- **INSTRUCTIONS FOR THE TASK**:
In the material below, find the line containing "#403 = EDGE_CURVE" and the line containing "#505 = CIRCLE ( 'NONE', #275, 2.75 ) ;", then reproduce exactly both of them and every line between, and nothing else.

★ ★ ★ ★ ★ ★ ★

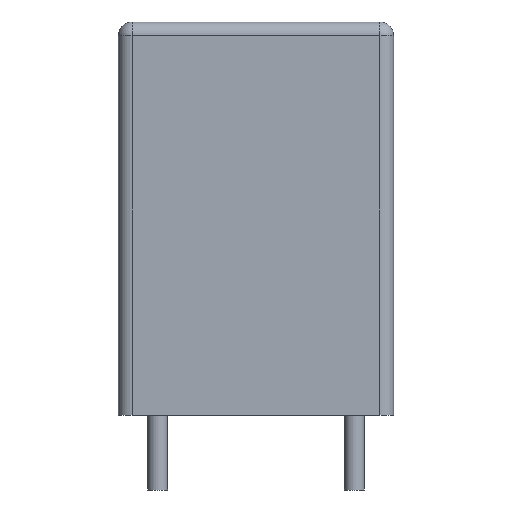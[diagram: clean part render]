
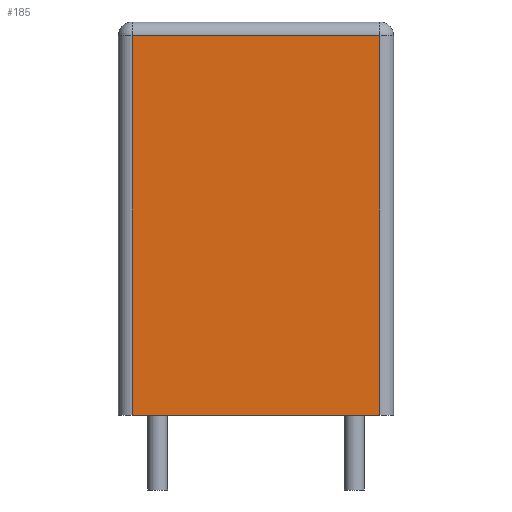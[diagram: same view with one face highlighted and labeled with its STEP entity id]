
A CAD part, front view. The second image highlights one B-rep face of the part: STEP entity #185.
In plain terms, the highlighted planar face has unit normal (0, -1, 0).
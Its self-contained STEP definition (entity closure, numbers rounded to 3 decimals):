
#12=DIRECTION('',(0.,0.,1.));
#26=VECTOR('',#12,1.);
#32=CARTESIAN_POINT('',(-1.,-1.75,0.));
#34=DIRECTION('',(0.,1.,0.));
#47=DIRECTION('',(1.,0.,0.));
#53=VERTEX_POINT('',#54);
#54=CARTESIAN_POINT('',(-0.65,-1.75,0.));
#60=ORIENTED_EDGE('',*,*,#61,.T.);
#61=EDGE_CURVE('',#53,#62,#64,.T.);
#62=VERTEX_POINT('',#63);
#63=CARTESIAN_POINT('',(-0.65,-1.75,9.65));
#64=LINE('',#54,#26);
#101=EDGE_CURVE('',#53,#102,#104,.T.);
#102=VERTEX_POINT('',#103);
#103=CARTESIAN_POINT('',(5.65,-1.75,0.));
#104=LINE('',#32,#105);
#105=VECTOR('',#47,1.);
#185=ADVANCED_FACE('',(#186),#197,.F.);
#186=FACE_BOUND('',#187,.F.);
#187=EDGE_LOOP('',(#60,#188,#193,#196));
#188=ORIENTED_EDGE('',*,*,#189,.T.);
#189=EDGE_CURVE('',#62,#190,#192,.T.);
#190=VERTEX_POINT('',#191);
#191=CARTESIAN_POINT('',(5.65,-1.75,9.65));
#192=LINE('',#63,#105);
#193=ORIENTED_EDGE('',*,*,#194,.F.);
#194=EDGE_CURVE('',#102,#190,#195,.T.);
#195=LINE('',#103,#26);
#196=ORIENTED_EDGE('',*,*,#101,.F.);
#197=PLANE('',#198);
#198=AXIS2_PLACEMENT_3D('',#32,#34,#12);
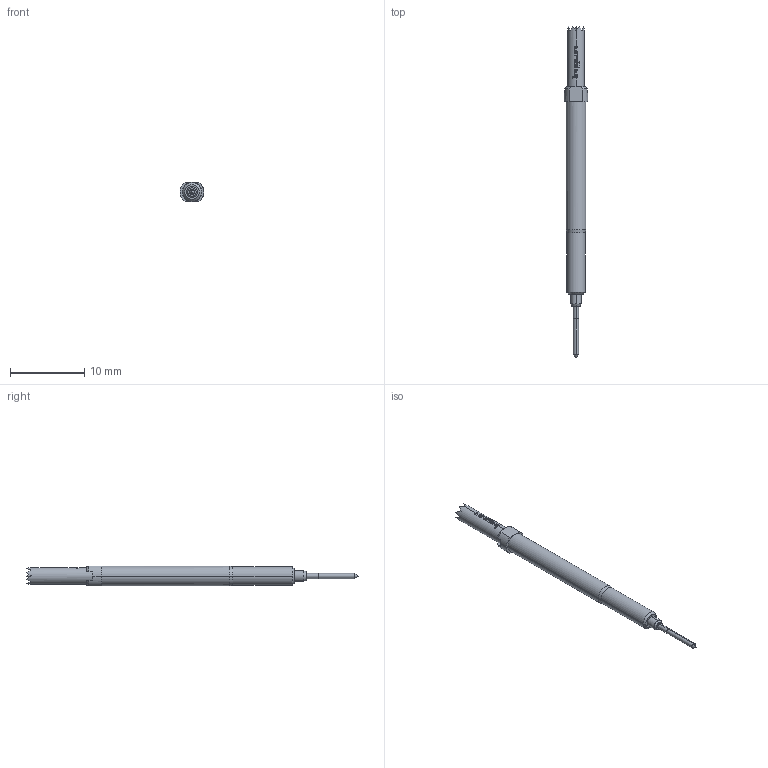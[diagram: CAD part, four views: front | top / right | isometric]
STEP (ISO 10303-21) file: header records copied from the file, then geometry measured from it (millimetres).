
FILE_DESCRIPTION (( 'STEP AP203' ), '1' );
FILE_NAME ('INGUN_DPS-465_351_050_A_xx06_M.STEP', '2021-08-26T07:24:35', ( 'ochi' ), ( '' ), 'SwSTEP 2.0', 'SolidWorks 2018', '' );
FILE_SCHEMA (( 'CONFIG_CONTROL_DESIGN' ));
Length unit declared in the file: millimetre
Products named in the file (1): INGUN_DPS-465_351_050_A_xx06_M
Bounding box: 3.2 x 44.8 x 2.65 mm (x, y, z)
Volume: 186.5 mm3; surface area: 327 mm2
Topology: 1 solids, 1 shells, 147 faces, 407 edges, 262 vertices
Faces by surface type: plane 73, cylinder 36, bspline 22, cone 16
Entity records: 5032 total; most frequent: CARTESIAN_POINT 1453, ORIENTED_EDGE 806, DIRECTION 657, EDGE_CURVE 403, VERTEX_POINT 262, AXIS2_PLACEMENT_3D 254, EDGE_LOOP 151, LINE 149
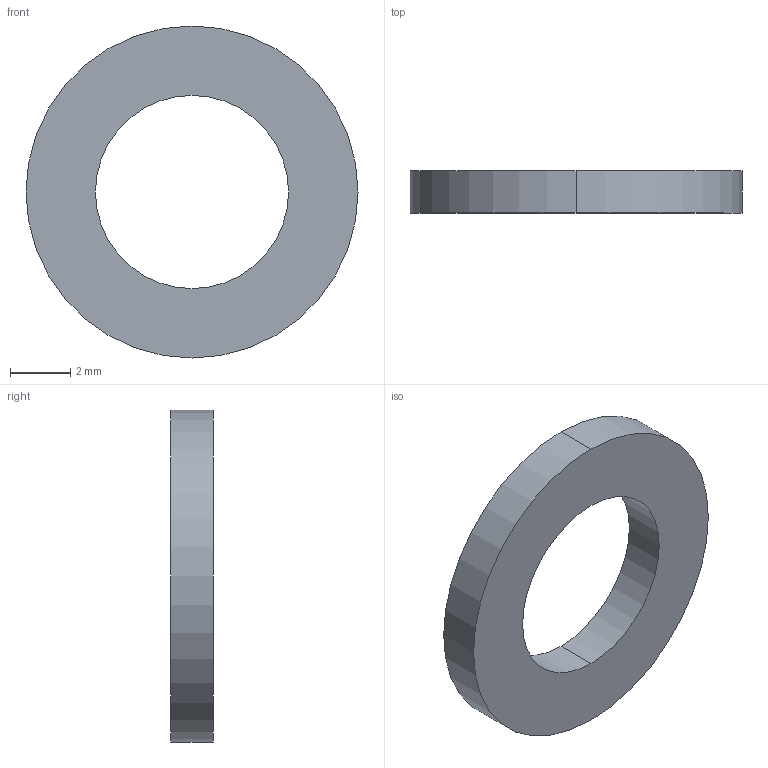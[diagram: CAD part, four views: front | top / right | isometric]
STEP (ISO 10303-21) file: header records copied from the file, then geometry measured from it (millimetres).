
FILE_DESCRIPTION (( 'STEP AP214' ), '1' );
FILE_NAME ('M6 Bright Zinc Washer(00HSW-3407-001-00).STEP', '2023-09-08T15:06:31', ( '' ), ( '' ), 'SwSTEP 2.0', 'SolidWorks 2020', '' );
FILE_SCHEMA (( 'AUTOMOTIVE_DESIGN' ));
Length unit declared in the file: millimetre
Products named in the file (1): M6 Bright Zinc Washer(00HSW-3407-001-00)
Bounding box: 11 x 1.4 x 11 mm (x, y, z)
Volume: 88 mm3; surface area: 202.3 mm2
Topology: 1 solids, 1 shells, 6 faces, 12 edges, 8 vertices
Faces by surface type: cylinder 4, plane 2
Entity records: 202 total; most frequent: DIRECTION 34, CARTESIAN_POINT 27, ORIENTED_EDGE 24, AXIS2_PLACEMENT_3D 15, EDGE_CURVE 12, EDGE_LOOP 8, CIRCLE 8, VERTEX_POINT 8
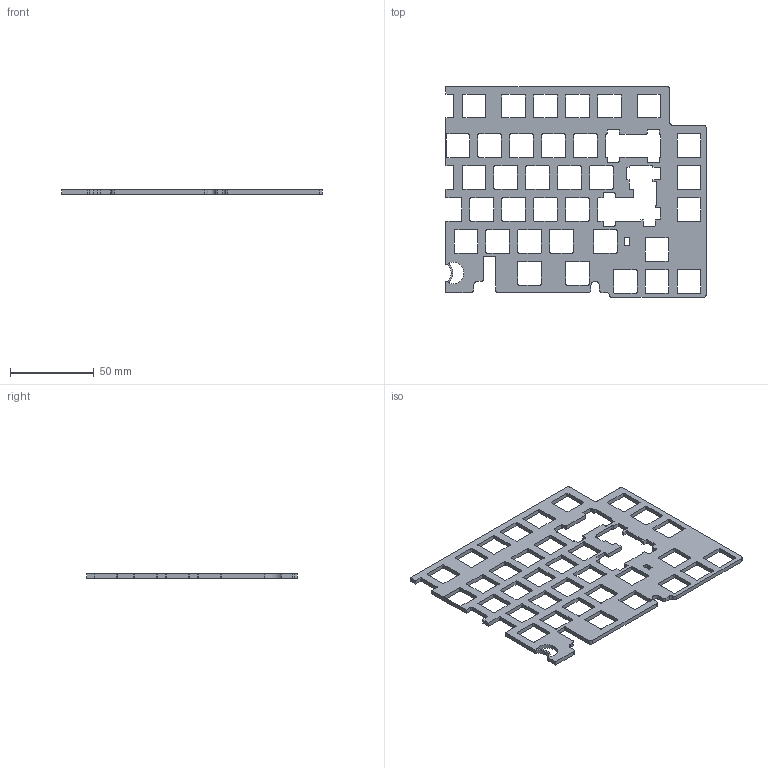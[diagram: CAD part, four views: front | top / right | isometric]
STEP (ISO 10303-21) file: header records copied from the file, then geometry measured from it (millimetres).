
FILE_DESCRIPTION (( 'STEP AP214' ), '1' );
FILE_NAME ('QK75 RIGHT.STEP', '2024-03-03T23:47:09', ( '' ), ( '' ), 'SwSTEP 2.0', 'SolidWorks 2023', '' );
FILE_SCHEMA (( 'AUTOMOTIVE_DESIGN' ));
Length unit declared in the file: millimetre
Products named in the file (1): QK75 RIGHT
Bounding box: 155.46 x 125.88 x 2.5 mm (x, y, z)
Volume: 25105.9 mm3; surface area: 27265.8 mm2
Topology: 1 solids, 1 shells, 436 faces, 1302 edges, 868 vertices
Faces by surface type: plane 227, cylinder 209
Entity records: 14939 total; most frequent: CARTESIAN_POINT 2607, ORIENTED_EDGE 2604, DIRECTION 2594, EDGE_CURVE 1302, LINE 884, VECTOR 884, VERTEX_POINT 868, AXIS2_PLACEMENT_3D 855
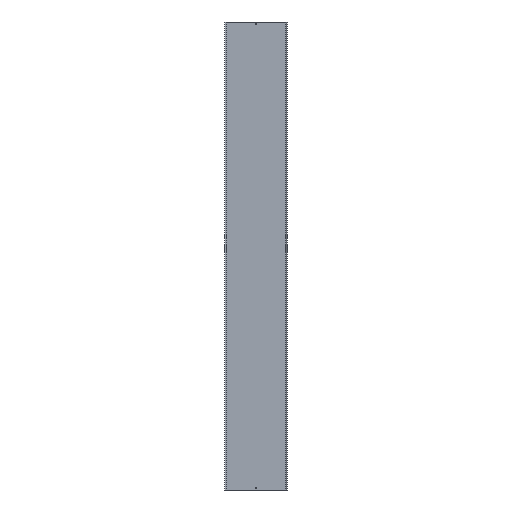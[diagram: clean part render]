
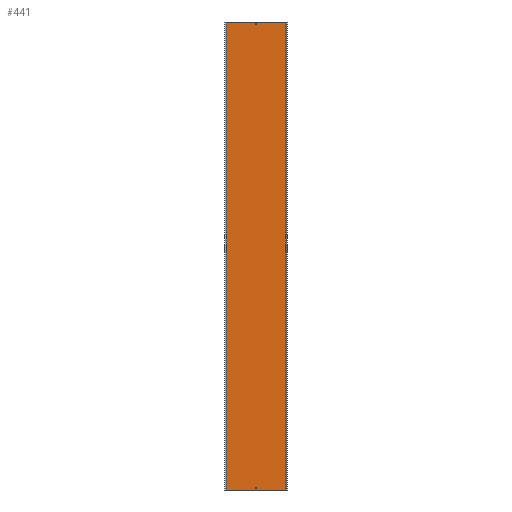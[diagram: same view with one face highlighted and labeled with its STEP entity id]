
A CAD part, front view. The second image highlights one B-rep face of the part: STEP entity #441.
In plain terms, the highlighted planar face has unit normal (0, -1, 0).
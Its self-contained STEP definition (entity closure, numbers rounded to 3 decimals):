
#10 = EDGE_LOOP ( 'NONE', ( #352, #574 ) ) ;
#20 = EDGE_CURVE ( 'NONE', #166, #209, #44, .T. ) ;
#25 = ORIENTED_EDGE ( 'NONE', *, *, #20, .T. ) ;
#27 = EDGE_CURVE ( 'NONE', #540, #76, #477, .T. ) ;
#44 = LINE ( 'NONE', #465, #242 ) ;
#50 = DIRECTION ( 'NONE',  ( -1., 0., 0. ) ) ;
#54 = CARTESIAN_POINT ( 'NONE',  ( -191.616, -2., 1500. ) ) ;
#71 = EDGE_CURVE ( 'NONE', #127, #166, #224, .T. ) ;
#76 = VERTEX_POINT ( 'NONE', #315 ) ;
#86 = EDGE_LOOP ( 'NONE', ( #160, #199 ) ) ;
#89 = VERTEX_POINT ( 'NONE', #221 ) ;
#94 = PLANE ( 'NONE',  #565 ) ;
#95 = DIRECTION ( 'NONE',  ( -1., 0., 0. ) ) ;
#99 = EDGE_CURVE ( 'NONE', #253, #493, #505, .T. ) ;
#105 = CARTESIAN_POINT ( 'NONE',  ( 0., -2., -1486. ) ) ;
#110 = CARTESIAN_POINT ( 'NONE',  ( 0., -2., 1486. ) ) ;
#119 = EDGE_LOOP ( 'NONE', ( #25, #302, #439, #333 ) ) ;
#127 = VERTEX_POINT ( 'NONE', #138 ) ;
#136 = CIRCLE ( 'NONE', #359, 2.75 ) ;
#138 = CARTESIAN_POINT ( 'NONE',  ( -191.616, -2., 1500. ) ) ;
#143 = DIRECTION ( 'NONE',  ( 1., 0., 0. ) ) ;
#148 = CARTESIAN_POINT ( 'NONE',  ( 191.616, -2., -1500. ) ) ;
#150 = CIRCLE ( 'NONE', #293, 2.75 ) ;
#160 = ORIENTED_EDGE ( 'NONE', *, *, #198, .F. ) ;
#166 = VERTEX_POINT ( 'NONE', #561 ) ;
#167 = DIRECTION ( 'NONE',  ( -1., 0., 0. ) ) ;
#176 = EDGE_CURVE ( 'NONE', #127, #89, #227, .T. ) ;
#186 = CARTESIAN_POINT ( 'NONE',  ( 194., -2., 1500. ) ) ;
#187 = VECTOR ( 'NONE', #435, 1000. ) ;
#198 = EDGE_CURVE ( 'NONE', #493, #253, #150, .T. ) ;
#199 = ORIENTED_EDGE ( 'NONE', *, *, #99, .F. ) ;
#205 = AXIS2_PLACEMENT_3D ( 'NONE', #609, #408, #95 ) ;
#209 = VERTEX_POINT ( 'NONE', #148 ) ;
#218 = CARTESIAN_POINT ( 'NONE',  ( 0., -2., -1486. ) ) ;
#221 = CARTESIAN_POINT ( 'NONE',  ( 191.616, -2., 1500. ) ) ;
#224 = LINE ( 'NONE', #54, #382 ) ;
#227 = LINE ( 'NONE', #186, #187 ) ;
#232 = CARTESIAN_POINT ( 'NONE',  ( 2.75, -2., 1486. ) ) ;
#242 = VECTOR ( 'NONE', #143, 1000. ) ;
#253 = VERTEX_POINT ( 'NONE', #379 ) ;
#275 = AXIS2_PLACEMENT_3D ( 'NONE', #105, #365, #506 ) ;
#293 = AXIS2_PLACEMENT_3D ( 'NONE', #218, #484, #482 ) ;
#302 = ORIENTED_EDGE ( 'NONE', *, *, #403, .F. ) ;
#315 = CARTESIAN_POINT ( 'NONE',  ( -2.75, -2., 1486. ) ) ;
#316 = FACE_OUTER_BOUND ( 'NONE', #119, .T. ) ;
#333 = ORIENTED_EDGE ( 'NONE', *, *, #71, .T. ) ;
#352 = ORIENTED_EDGE ( 'NONE', *, *, #508, .F. ) ;
#358 = CARTESIAN_POINT ( 'NONE',  ( 194., -2., 1500. ) ) ;
#359 = AXIS2_PLACEMENT_3D ( 'NONE', #110, #371, #50 ) ;
#361 = FACE_BOUND ( 'NONE', #86, .T. ) ;
#364 = DIRECTION ( 'NONE',  ( 0., 1., 0. ) ) ;
#365 = DIRECTION ( 'NONE',  ( 0., -1., 0. ) ) ;
#370 = DIRECTION ( 'NONE',  ( 0., 0., -1. ) ) ;
#371 = DIRECTION ( 'NONE',  ( 0., -1., 0. ) ) ;
#379 = CARTESIAN_POINT ( 'NONE',  ( 2.75, -2., -1486. ) ) ;
#382 = VECTOR ( 'NONE', #370, 1000. ) ;
#403 = EDGE_CURVE ( 'NONE', #89, #209, #498, .T. ) ;
#408 = DIRECTION ( 'NONE',  ( 0., -1., 0. ) ) ;
#435 = DIRECTION ( 'NONE',  ( 1., 0., 0. ) ) ;
#439 = ORIENTED_EDGE ( 'NONE', *, *, #176, .F. ) ;
#441 = ADVANCED_FACE ( 'NONE', ( #361, #464, #316 ), #94, .F. ) ;
#444 = CARTESIAN_POINT ( 'NONE',  ( 191.616, -2., 1500. ) ) ;
#464 = FACE_BOUND ( 'NONE', #10, .T. ) ;
#465 = CARTESIAN_POINT ( 'NONE',  ( 194., -2., -1500. ) ) ;
#477 = CIRCLE ( 'NONE', #205, 2.75 ) ;
#482 = DIRECTION ( 'NONE',  ( -1., 0., 0. ) ) ;
#484 = DIRECTION ( 'NONE',  ( 0., -1., 0. ) ) ;
#493 = VERTEX_POINT ( 'NONE', #522 ) ;
#498 = LINE ( 'NONE', #444, #600 ) ;
#505 = CIRCLE ( 'NONE', #275, 2.75 ) ;
#506 = DIRECTION ( 'NONE',  ( -1., 0., 0. ) ) ;
#508 = EDGE_CURVE ( 'NONE', #76, #540, #136, .T. ) ;
#522 = CARTESIAN_POINT ( 'NONE',  ( -2.75, -2., -1486. ) ) ;
#540 = VERTEX_POINT ( 'NONE', #232 ) ;
#561 = CARTESIAN_POINT ( 'NONE',  ( -191.616, -2., -1500. ) ) ;
#565 = AXIS2_PLACEMENT_3D ( 'NONE', #358, #364, #167 ) ;
#574 = ORIENTED_EDGE ( 'NONE', *, *, #27, .F. ) ;
#577 = DIRECTION ( 'NONE',  ( 0., 0., -1. ) ) ;
#600 = VECTOR ( 'NONE', #577, 1000. ) ;
#609 = CARTESIAN_POINT ( 'NONE',  ( 0., -2., 1486. ) ) ;

★ ★ ★ ★ ★ ★ ★

- **RESPONSE**:
#403 = EDGE_CURVE ( 'NONE', #89, #209, #498, .T. ) ;
#408 = DIRECTION ( 'NONE',  ( 0., -1., 0. ) ) ;
#435 = DIRECTION ( 'NONE',  ( 1., 0., 0. ) ) ;
#439 = ORIENTED_EDGE ( 'NONE', *, *, #176, .F. ) ;
#441 = ADVANCED_FACE ( 'NONE', ( #361, #464, #316 ), #94, .F. ) ;
#444 = CARTESIAN_POINT ( 'NONE',  ( 191.616, -2., 1500. ) ) ;
#464 = FACE_BOUND ( 'NONE', #10, .T. ) ;
#465 = CARTESIAN_POINT ( 'NONE',  ( 194., -2., -1500. ) ) ;
#477 = CIRCLE ( 'NONE', #205, 2.75 ) ;
#482 = DIRECTION ( 'NONE',  ( -1., 0., 0. ) ) ;
#484 = DIRECTION ( 'NONE',  ( 0., -1., 0. ) ) ;
#493 = VERTEX_POINT ( 'NONE', #522 ) ;
#498 = LINE ( 'NONE', #444, #600 ) ;
#505 = CIRCLE ( 'NONE', #275, 2.75 ) ;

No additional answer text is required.